If 80.0g of CH4 is consumed by the reaction CH4 +2O2 = CO2 +2H2O, what mass of CO2 is produced?

Question

Use 12.01 amu for the atomic mass of C, 1.008 amu for H and 16 amu for O.
I know that the answer is 219g, i just dont know how to get it?

Answer 1

80g/(12.01+4*1.008) = x/(12.01+2*16)
80g/16.042 = x/44.01
x = 44.01*80.0/16.042
x = 219.47 g
x ≈ 219 g

Answer 2

The molecular weight of CH4 is : 12.01g (C) + 4*1.008g (H) = 16.042g/mol

This means: in 80.0g of CH4, there are approximately 5 mols (precisely, 4.986) of CH4.

This ALSO means, there are 5 mols of carbon as well.

If you look at the right side of the reaction, the only place carbon pops up is for the carbon dioxide.

Therefore, the 5 moles of carbon that is used in the reaction all goes to the carbon dioxide.

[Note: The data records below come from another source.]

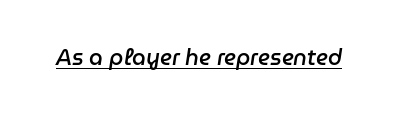
{"italic": "yes", "lean": "right", "slant_degrees": 9, "bold": "semi", "underline": "yes", "letter_spacing": "normal", "letter_spacing_em": 0.0, "glyph_px": 22}
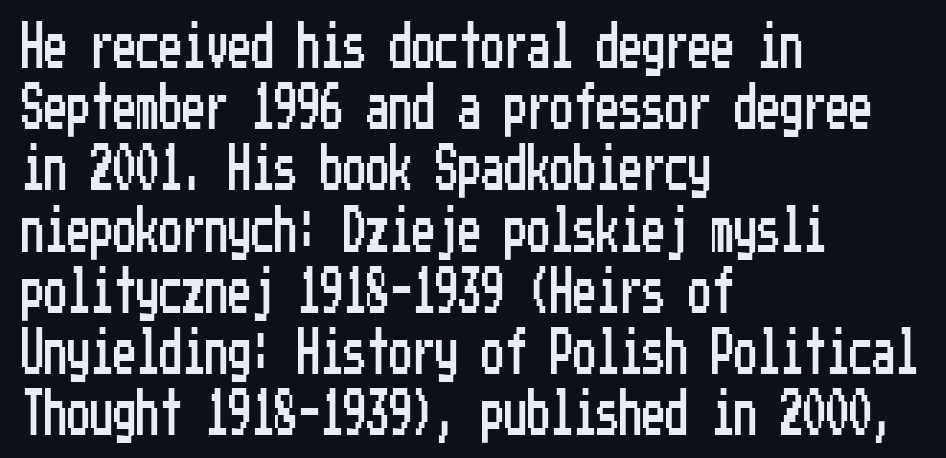
Q: Is the text italic (slanted)? A: No, it is upright.
Q: Is the typeface a serif or a sans-serif typeface? A: Sans-serif.
Q: Is the text underlined? A: No.
Q: How is the paragraph aligned? A: Left-aligned.
Q: Is the spacing between letters normal or unusually wide? A: Normal.
Q: Is the spacing between lines tight, normal or loose? A: Normal.
Q: Width (condensed, normal, or wide)? A: Condensed.
Q: Stroke contrast? A: Low.
Q: x-height? A: Medium.
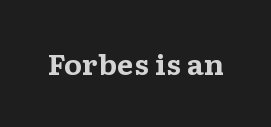
What stands out about the letter spacing? Nothing — it is the standard amount. No italicization has been applied; the sample stays upright. The gap between lines stays unmarked. Thick stems and heavy bowls — unmistakably bold.
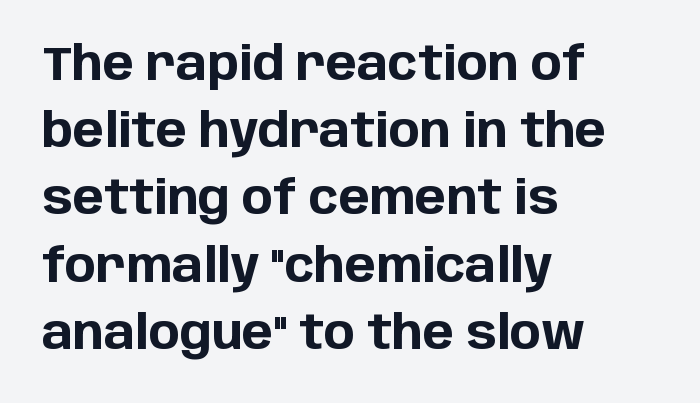
{"serif": "no", "italic": "no", "bold": "yes", "weight": "bold", "width": "normal", "stroke_contrast": "low", "x_height": "large", "monospaced": "no", "underline": "no", "align": "left", "line_spacing": "normal", "line_spacing_ratio": 1.43, "letter_spacing": "normal", "letter_spacing_em": 0.0, "glyph_px": 47}
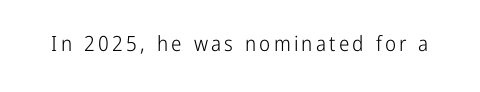
The image shows 21 px text type, upright; set not underlined.
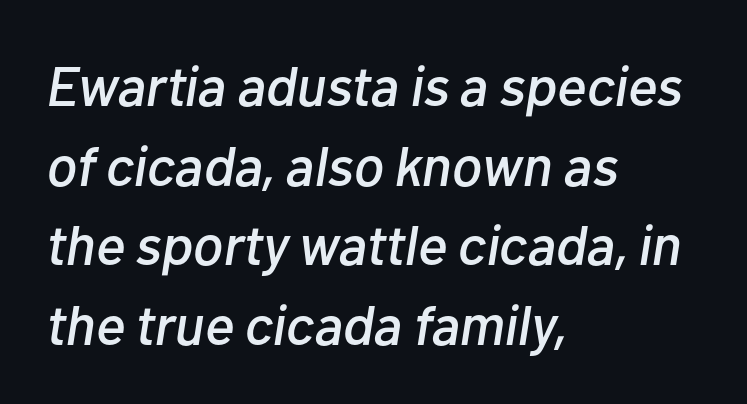
{"italic": "yes", "lean": "right", "slant_degrees": 10, "width": "normal", "stroke_contrast": "low", "x_height": "medium", "monospaced": "no", "underline": "no", "align": "left", "line_spacing": "normal", "line_spacing_ratio": 1.42, "letter_spacing": "normal", "letter_spacing_em": 0.0, "glyph_px": 56}
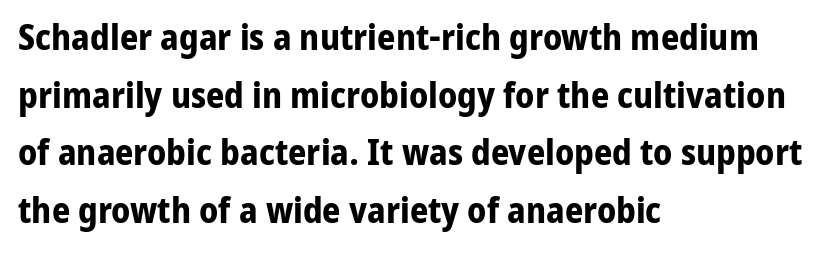
Q: Is the text bold? A: Yes.
Q: Is the text italic (slanted)? A: No, it is upright.
Q: Is the typeface a serif or a sans-serif typeface? A: Sans-serif.
Q: Is the text underlined? A: No.
Q: How is the paragraph aligned? A: Left-aligned.
Q: Is the spacing between letters normal or unusually wide? A: Normal.
Q: Is the spacing between lines tight, normal or loose? A: Normal.
Q: Width (condensed, normal, or wide)? A: Normal.
Q: Stroke contrast? A: Low.
Q: x-height? A: Medium.
Q: Monospaced? A: No.

Per one mole of carbon dioxide, there is :12.01 (C) + 16*2 (O) = 44.01 g/mol.

Multiply: 44.01g/mol * 4.9869 mols = 219.4 g/mol

I hope the explanation makes sense.

Answer 3

Look
1 mole of ch4=16g
Therefore 80g=5 moles

Now if oxygen is present in unlimited qty then ch4 becomes limiting reactant,hence 5moles of co2 is formed.
1 mole of co2=44g
5mole =220g

there u go.
Give me ten for that

Answer 4

CH4 + 2O2 --> CO2 +2H2O
the molar ratio is 1:2:1:2
80.0g*mol/16.042g= 4.987mol
therefore, 4.987 mol of CO2 is produced
4.987mol*44.01g/mol=219.47787g

Answer 5

simple cross multiplication:

1 mole of CH4 (12.01 + [1.008x4]) = 16.042
1 mole of CO2 (12.01 + [16x2]) = 44.01

CH4 +2O2 ------------------> CO2 +2H2O

if16.042 gm of CH4 produce 44.01 gm of CO2
then 80 gm oc CH4 produce X gm of CO2

X = (44.01 x 80) / 16.042
X = 219.4

glad to help, if u need anything else just mail me..

Answer 6

left side

c=1
h=4
0=4

right side

c=1
H=4
0=4

they are equal so you do a straight maths equation

80= (12+4)x
x=5 so 5 molecules of CH4 were used
so everything is timesed by 4
hmm i got 176g for C02 and 248g for the total mass of products formed

i dunno

Answer 7

same amount because of same # of mlcls.